### Exercise aim
Every record below, from first to last, should be copied exactly; leave the pictures out.

### Listed entries
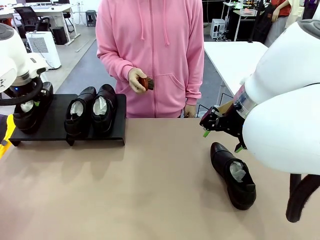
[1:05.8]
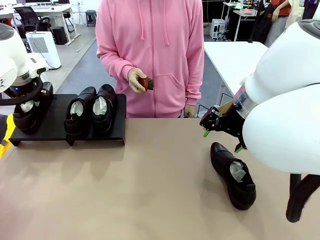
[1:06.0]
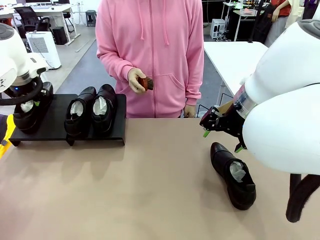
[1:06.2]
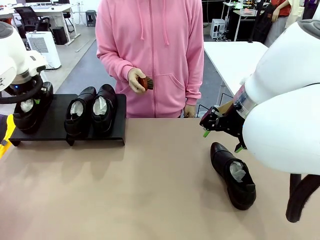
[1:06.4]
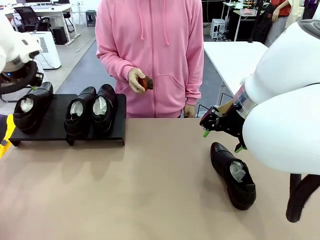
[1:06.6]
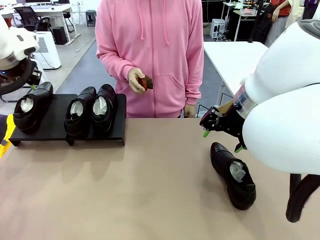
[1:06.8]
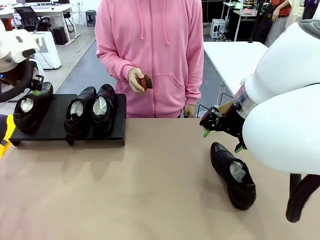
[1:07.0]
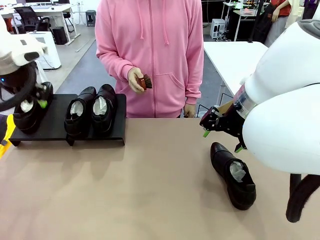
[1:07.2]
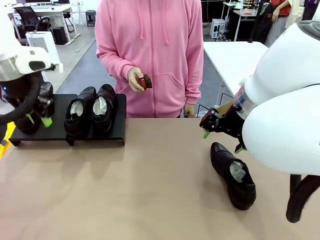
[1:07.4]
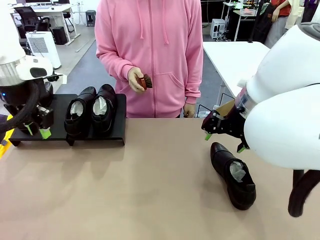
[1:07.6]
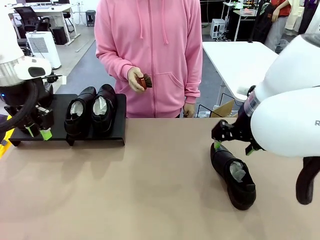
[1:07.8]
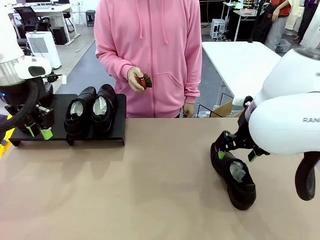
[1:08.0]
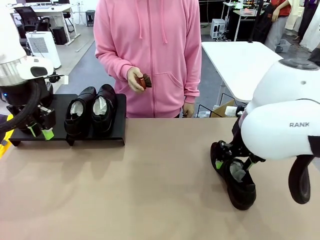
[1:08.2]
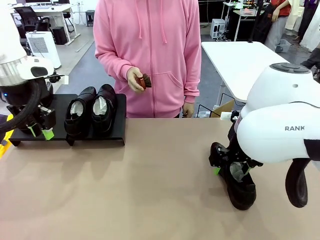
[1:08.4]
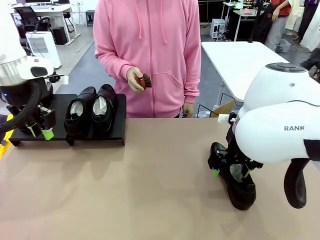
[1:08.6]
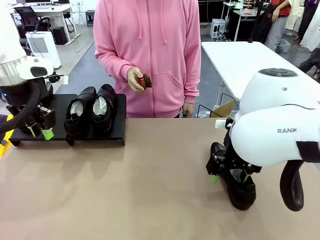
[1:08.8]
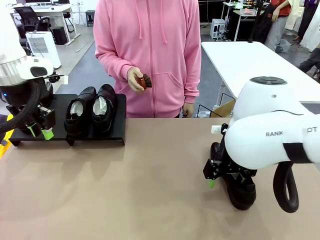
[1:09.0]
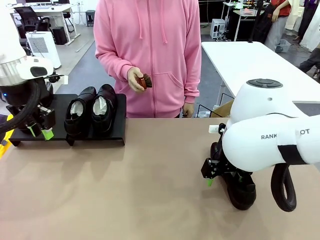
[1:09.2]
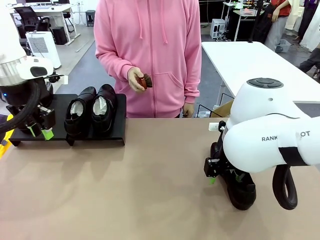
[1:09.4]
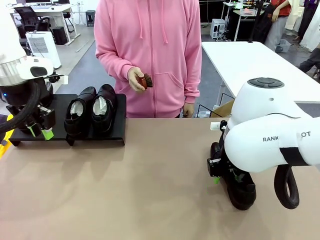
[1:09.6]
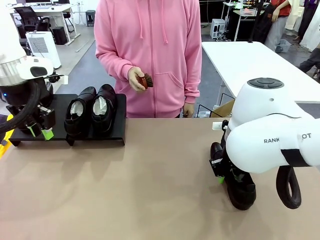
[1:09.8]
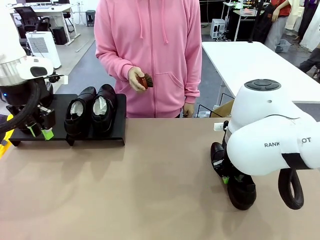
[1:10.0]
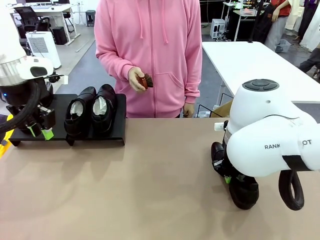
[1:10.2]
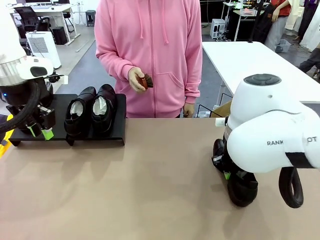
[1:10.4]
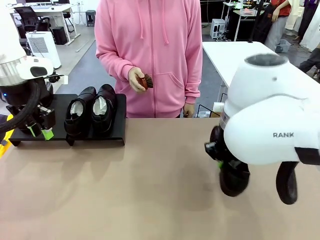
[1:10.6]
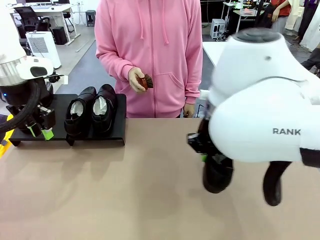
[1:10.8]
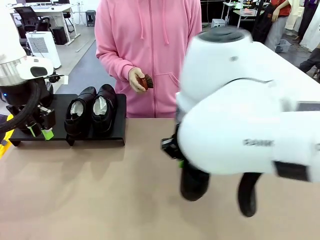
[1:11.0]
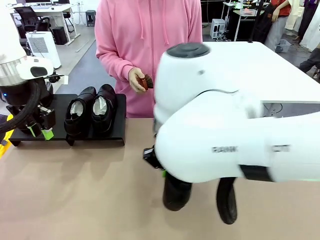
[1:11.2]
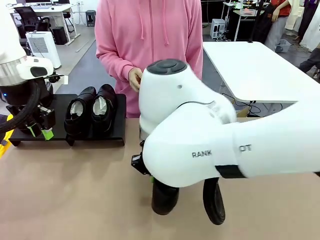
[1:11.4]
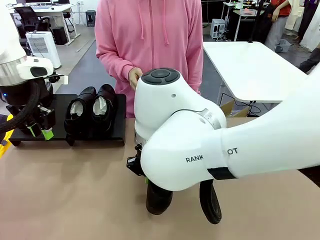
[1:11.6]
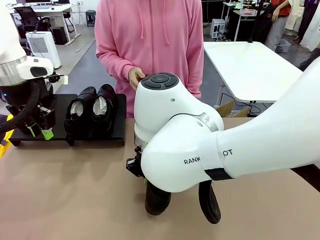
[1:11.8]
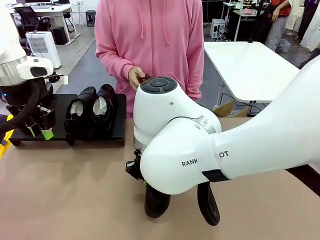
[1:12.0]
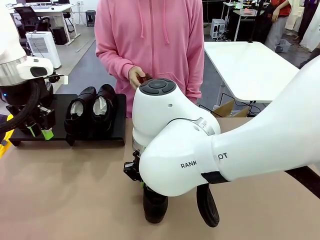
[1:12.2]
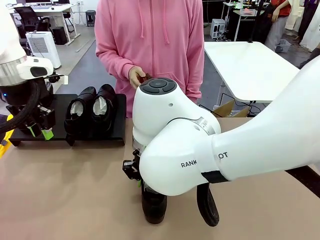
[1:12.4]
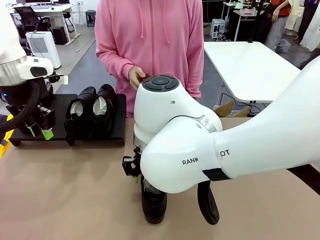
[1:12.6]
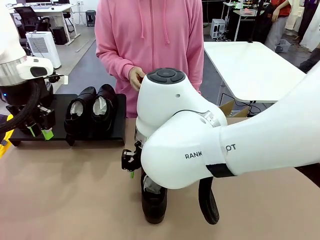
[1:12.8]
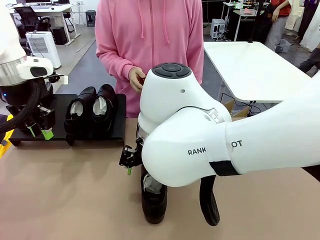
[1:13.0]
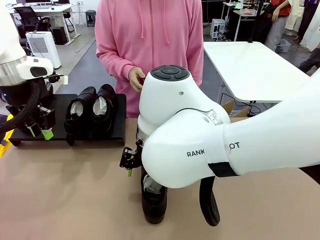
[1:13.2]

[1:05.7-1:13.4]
Task: Organize the shoes by placing them on the stand.
Robot: Pick up one Shoe and place it in the middle of the table.

### Written response
[1:05.8]
[1:06.0]
[1:06.2]
[1:06.4]
[1:06.6]
[1:06.8]
[1:07.0]
[1:07.2]
[1:07.4]
[1:07.6]
[1:07.8]
[1:08.0]
[1:08.2]
[1:08.4]
[1:08.6]
[1:08.8]
[1:09.0]
[1:09.2]
[1:09.4]
[1:09.6]
[1:09.8]
[1:10.0]
[1:10.2]
[1:10.4]
[1:10.6]
[1:10.8]
[1:11.0]
[1:11.2]
[1:11.4]
[1:11.6]
[1:11.8]
[1:12.0]
[1:12.2]
[1:12.4]
[1:12.6]
[1:12.8]
[1:13.0]
[1:13.2]

[1:05.7-1:13.4]
Task: Organize the shoes by placing them on the stand.
Robot: Pick up one Shoe and place it in the middle of the table.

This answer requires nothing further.